Justo después del pecado del origen, el libro del Génesis nos cuenta el asesinato de Abel a manos de su hermano mayor Caín. Éste asesinato supuso la quiebra del designio creador de Dios. Dios empezó de nuevo. Pide cuentas a Caín de la sangre de su hermano: 


¿Dónde está tu hermano? Caín contestó: No sé. ¿Soy yo acaso el guarda de mi hermano? Dios le dijo: ¿Qué has hecho? Se oye la sangre de tu hermano clamar a mí desde el suelo


Cuando se medita cómo obró Dios a partir de esa hora terrible, se tiene la sensación de que el clamor de la sangre de Abel provocó un diálogo en el Cielo, un diálogo entre el Padre y el Hijo. Dios Padre preguntó a su Hijo: ‘¿Dónde está tu hermano?’ El Hijo respondió: ‘Sé dónde está mi hermano. Está bajo el poder de la muerte. Voy a ir a liberarlo y lo traeré a Casa’. Y el Padre le dijo: ‘Sí, ve y tráelo a Casa’. 

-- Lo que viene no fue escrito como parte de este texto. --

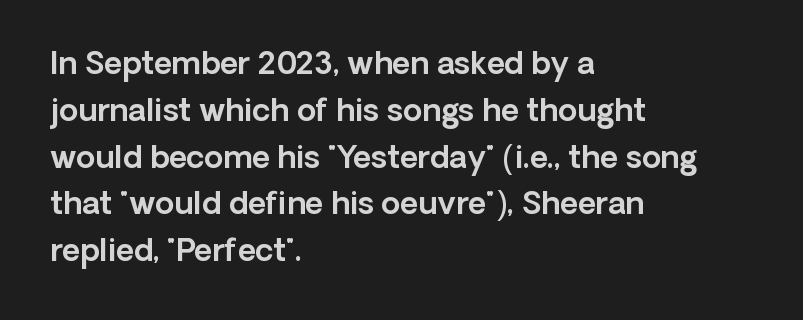
{"serif": "no", "italic": "no", "width": "normal", "x_height": "medium", "monospaced": "no", "underline": "no", "align": "left", "line_spacing": "normal", "line_spacing_ratio": 1.51, "letter_spacing": "normal", "letter_spacing_em": 0.0, "glyph_px": 31}

   Para llevarnos a la Casa de su Padre, Jesús llega hasta la Cruz. Y la Pasión de Jesús graba su sello en toda verdadera compasión, en todo amor verdaderamente humano. Ahora, en toda persona que se acerca a mí para cuidar mi vida está Jesús, el verdadero Samaritano, que viene a traerme la vida, la verdadera vida, la vida de hijo de Dios. 

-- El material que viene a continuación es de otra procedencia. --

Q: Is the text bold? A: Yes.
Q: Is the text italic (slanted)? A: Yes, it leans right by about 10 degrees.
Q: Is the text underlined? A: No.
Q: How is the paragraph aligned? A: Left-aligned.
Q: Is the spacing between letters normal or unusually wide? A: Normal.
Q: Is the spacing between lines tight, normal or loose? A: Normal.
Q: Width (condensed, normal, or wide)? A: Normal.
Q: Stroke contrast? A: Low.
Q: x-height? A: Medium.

Jesús vive la Pasión para unirse a toda persona. Ya nadie padece solo, ningún sufrimiento queda olvidado. Jesús es el caminante que recorre los caminos de la tierra con todo hombre que sufre. Si me acerco al que necesita ayuda movido por la compasión llegará un día en que descubriré que he practicado la misericordia con el mismo Jesucristo; que he sido su prójimo. Ese día será muy gozoso porque, como nos dice el Evangelio de San Mateo, escucharemos al Señor decirnos: 


Venid, benditos de mi Padre, recibid la herencia del Reino preparado para vosotros desde la creación del mundo. Porque tuve hambre, y me disteis de comer; tuve sed, y me disteis de beber; era forastero, y me acogisteis; estaba desnudo, y me vestisteis; enfermo, y me visitasteis; en la cárcel, y vinisteis a verme. Y le preguntaremos: Señor, ¿cuándo te vimos hambriento, y te dimos de comer; o sediento, y te dimos de beber? ¿Cuándo te vimos forastero, y te acogimos; o desnudo, y te vestimos? ¿Cuándo te vimos enfermo o en la cárcel, y fuimos a verte? Y Jesús nos dirá: En verdad os digo que cuanto hicisteis a unos de estos hermanos míos más pequeños, a mí me lo hicisteis.


Lo que Jesús nos está diciendo con esta parábola es que Él es nuestro prójimo y que está en nuestra mano el llegar a ser su prójimo. Si queremos, el misterio de amor y cuidado expresado por la palabra «prójimo», grabará su sello en todas nuestras relaciones humanas; y será el sello del Rostro de Cristo.